Eh. I think something like the Kalita 101 ticks all those boxes too. And there's even less faffing and cleaning than the aeropress.


I think you entirely misread the OP's point.


Can you elaborate please?


I understood OP post as an admission, that the "too revered" and "people being pretentious" thoughts he held previously were due to him being "a bit of a contrarian"; and he doesn't believe those things anymore.

Now re-reading it, I am not sure if that reading is entirely justified given the "removing all the bullshit and serving a slap in the face" in the latter sentences. Oh well!


The Aeropress almost feels like cheating. The Clever Dripper is similarly very nice and easy to use.


The Aeropress is great, but makes too little coffee. One day I'll have to try the XL version.


Out of curiosity, what is "too little coffee" for you? I can get about 250ml out of it.


Sorry, could you repeat your comment in all caps? I'm vibrating too hard to read it clearly.


Many of us don't drink coffee alone. The charm of the aeropress wears off the ninth time you make coffee with it in a morning.


Yep, though I like a brewer that lets me easily remove the grounds when I'm down brewing, as I don't want it steeping any longer after that as I find it negatively affects the taste if I come back to top up my cup a little later.

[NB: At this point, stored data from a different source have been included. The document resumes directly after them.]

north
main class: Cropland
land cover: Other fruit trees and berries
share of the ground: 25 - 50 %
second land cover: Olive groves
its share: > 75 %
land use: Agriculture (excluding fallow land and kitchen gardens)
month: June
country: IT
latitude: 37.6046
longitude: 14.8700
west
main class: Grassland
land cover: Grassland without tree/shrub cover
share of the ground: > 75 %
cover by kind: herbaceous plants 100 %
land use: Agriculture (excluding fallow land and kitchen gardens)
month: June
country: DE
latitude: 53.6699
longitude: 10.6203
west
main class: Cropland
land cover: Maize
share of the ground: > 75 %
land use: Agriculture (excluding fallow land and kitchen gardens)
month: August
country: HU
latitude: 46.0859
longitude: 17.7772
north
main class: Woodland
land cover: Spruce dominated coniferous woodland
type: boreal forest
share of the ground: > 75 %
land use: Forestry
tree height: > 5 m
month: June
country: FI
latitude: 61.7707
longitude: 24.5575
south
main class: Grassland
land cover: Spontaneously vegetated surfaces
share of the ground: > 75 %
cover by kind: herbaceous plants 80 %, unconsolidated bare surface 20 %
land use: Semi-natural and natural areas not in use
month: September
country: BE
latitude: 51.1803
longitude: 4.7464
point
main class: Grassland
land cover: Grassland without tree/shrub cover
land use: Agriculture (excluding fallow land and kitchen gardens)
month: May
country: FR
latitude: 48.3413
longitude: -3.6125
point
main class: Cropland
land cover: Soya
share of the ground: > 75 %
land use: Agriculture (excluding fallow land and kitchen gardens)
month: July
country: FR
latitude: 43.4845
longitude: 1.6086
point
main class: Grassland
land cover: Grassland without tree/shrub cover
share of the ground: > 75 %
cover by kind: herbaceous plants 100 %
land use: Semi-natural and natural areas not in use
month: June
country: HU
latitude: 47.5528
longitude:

IKEA sells a very cheap steel (i.e. your kids won't break it when they knock it off the counter—ask me what happened to my first three of these, which were all ceramic) pourover cup with integrated fine-mesh metal filter (so you can still make coffee if you run out of paper filters—though there's some evidence the oils that paper filters remove are bad for heart health, and it does affect the flavor, too). I think it's like $10 or something. Same external requirements as a French press, which can be as little as "a way to heat water" if you grind your beans at the store (which, don't, but on the other hand, if you want to, sure, go for it)

By far my favorite coffee-making device I've got. I'd just do drip but cleaning the machines is a PITA (lots of people don't bother and their coffee all tastes like mildew, it's disgusting) and they all expose hot water to lots of plastic, seems like. I have a French press but it's a bigger pain to clean. Pourover cup takes up less space than any of that, too.


Also the Vietnamese "phin" is an excellent coffee maker.


For the quality of the coffee, the Vietnamese phin is simplest/cheapest device.


I have a reusable cotton filter that I use in a metal mesh pourover. Seems to work and is easy to clean.


Plus one for the IKEA pour over. Its cheap and functional, perfect for travel too.